Unit for Experimental Psychiatry, Division of Sleep and Chronobiology, Department of Psychiatry, University of Pennsylvania Perelman School of Medicine, Philadelphia, PA, USA.
Sleep Disorders Center, University of Manitoba, Winnipeg, MB, Canada.
Sci Total Environ. 2022 Jan 20;805:150191. doi: 10.1016/j.scitotenv.2021.150191. Epub 2021 Sep 7.
Nocturnal traffic noise can disrupt sleep and impair physical and mental restoration, but classical sleep scoring techniques may not fully capture subtle yet clinically relevant alterations of sleep induced by noise. We used a validated continuous measure of sleep depth and quality based on automatic analysis of physiologic sleep data, termed Wake Propensity (WP), to investigate temporal changes of sleep in response to nocturnal noise events in 3-s epochs. Seventy-two healthy participants (mean age 40.3 years, range 18-71 years, 40 females, 32 males) slept for 11 nights in a laboratory, during which we measured sleep with polysomnography. In 8 nights, participants were exposed to 40, 80 or 120 road, rail and/or aircraft noise events with maximum noise levels of 45-65 dB L during 8-h sleep opportunities. We analyzed sleep macrostructure and event-related change of WP during noise exposure with linear mixed models. Nocturnal traffic noise led to event-related shifts towards wakefulness and less deep, more unstable sleep (increase in WP relative to pre-noise baseline ranging from +29.5% at 45 dB to +38.3% at 65 dB; type III effect p < 0.0001). Sleep depth decreased dynamically with increasing noise level, peaking when L was highest. This change in WP was stronger and occurred more quickly for events where the noise onset was more rapid (road and rail) compared to more gradually time-varying noise (aircraft). Sleep depth did not immediately recover to pre-noise WP, leading to decreased sleep stability across the night compared to quiet nights, which was greater with an increasing number of noise events (standardized β = 0.053, p = 0.003). Further, WP was more sensitive to noise than classical arousals. Results demonstrate the usefulness of WP as a measure of the effects of external stimuli on sleep, and show WP is a more sensitive measure of noise-induced sleep disruption than traditional methods of sleep analysis.

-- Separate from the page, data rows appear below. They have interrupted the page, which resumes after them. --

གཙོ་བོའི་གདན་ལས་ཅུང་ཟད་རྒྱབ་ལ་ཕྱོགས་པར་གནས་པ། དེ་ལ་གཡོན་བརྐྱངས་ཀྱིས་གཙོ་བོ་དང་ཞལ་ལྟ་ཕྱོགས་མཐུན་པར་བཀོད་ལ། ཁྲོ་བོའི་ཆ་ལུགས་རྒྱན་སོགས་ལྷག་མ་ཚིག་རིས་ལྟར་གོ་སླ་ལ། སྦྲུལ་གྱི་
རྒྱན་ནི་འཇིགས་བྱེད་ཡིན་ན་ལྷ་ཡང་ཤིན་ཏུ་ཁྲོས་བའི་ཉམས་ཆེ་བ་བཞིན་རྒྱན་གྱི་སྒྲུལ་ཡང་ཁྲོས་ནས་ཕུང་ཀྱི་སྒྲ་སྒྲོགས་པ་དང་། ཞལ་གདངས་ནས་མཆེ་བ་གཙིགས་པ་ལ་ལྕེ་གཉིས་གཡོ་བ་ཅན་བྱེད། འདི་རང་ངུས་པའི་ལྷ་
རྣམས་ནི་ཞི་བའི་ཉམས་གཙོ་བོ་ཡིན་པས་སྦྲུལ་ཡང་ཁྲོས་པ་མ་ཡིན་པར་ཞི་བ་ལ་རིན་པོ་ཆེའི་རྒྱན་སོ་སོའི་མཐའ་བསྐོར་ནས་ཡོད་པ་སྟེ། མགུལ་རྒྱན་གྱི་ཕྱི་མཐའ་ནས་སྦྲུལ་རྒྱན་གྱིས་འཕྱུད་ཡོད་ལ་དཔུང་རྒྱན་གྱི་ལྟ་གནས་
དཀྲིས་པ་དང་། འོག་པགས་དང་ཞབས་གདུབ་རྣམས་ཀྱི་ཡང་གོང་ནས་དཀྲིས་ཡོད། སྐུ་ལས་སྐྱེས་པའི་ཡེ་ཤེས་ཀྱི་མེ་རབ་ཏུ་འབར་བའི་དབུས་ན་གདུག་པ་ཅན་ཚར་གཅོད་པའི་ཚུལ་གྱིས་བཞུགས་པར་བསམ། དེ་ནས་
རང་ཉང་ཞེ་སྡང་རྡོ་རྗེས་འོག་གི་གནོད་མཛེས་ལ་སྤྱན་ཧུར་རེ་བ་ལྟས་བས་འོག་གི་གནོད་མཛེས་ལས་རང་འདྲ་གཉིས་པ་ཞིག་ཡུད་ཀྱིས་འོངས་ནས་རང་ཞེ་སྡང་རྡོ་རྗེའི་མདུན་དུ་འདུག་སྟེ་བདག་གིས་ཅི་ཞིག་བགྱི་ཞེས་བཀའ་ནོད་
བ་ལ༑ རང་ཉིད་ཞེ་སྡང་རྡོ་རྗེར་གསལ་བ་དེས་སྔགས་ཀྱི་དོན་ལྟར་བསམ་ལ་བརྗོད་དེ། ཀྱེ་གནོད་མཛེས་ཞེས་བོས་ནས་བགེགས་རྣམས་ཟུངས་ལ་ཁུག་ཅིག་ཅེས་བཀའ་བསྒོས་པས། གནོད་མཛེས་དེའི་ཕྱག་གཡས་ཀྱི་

夜间交通噪音会干扰睡眠,影响身心健康恢复,但传统的睡眠评分技术可能无法完全捕捉到噪音引起的睡眠细微但具有临床意义的变化。我们使用一种经过验证的基于生理睡眠数据自动分析的深度和睡眠质量连续测量方法,称为觉醒倾向(Wake Propensity,WP),以研究在 3 秒的时间段内,睡眠对夜间噪音事件的时间变化。72 名健康参与者(平均年龄 40.3 岁,范围 18-71 岁,女性 40 名,男性 32 名)在实验室中睡眠 11 晚,在此期间我们使用多导睡眠图测量睡眠。在 8 晚中,参与者暴露于 40、80 或 120 个道路交通、铁路和/或航空噪声事件中,最大噪声水平为 45-65 dB L 在 8 小时的睡眠机会中。我们使用线性混合模型分析了噪声暴露期间的睡眠宏观结构和与事件相关的 WP 变化。夜间交通噪声导致与觉醒相关的转变和睡眠深度变浅、更不稳定(与噪声前基线相比,WP 增加幅度为 45 dB 时为+29.5%,65 dB 时为+38.3%;III 型效应 p<0.0001)。随着噪声水平的增加,睡眠深度呈动态变化,在 L 最高时达到峰值。这种 WP 的变化在噪声起始更快的事件中更强且发生更快(道路和铁路)与时间变化更缓慢的噪声(飞机)相比。WP 并没有立即恢复到噪声前的水平,导致与安静夜晚相比,整个夜晚的睡眠稳定性降低,噪声事件数量增加时这种情况更为严重(标准化 β=0.053,p=0.003)。此外,WP 比传统的觉醒对噪声更为敏感。研究结果表明 WP 作为衡量外部刺激对睡眠影响的一种有用方法,并且表明 WP 是一种比传统的睡眠分析方法更敏感的测量噪声引起的睡眠中断的方法。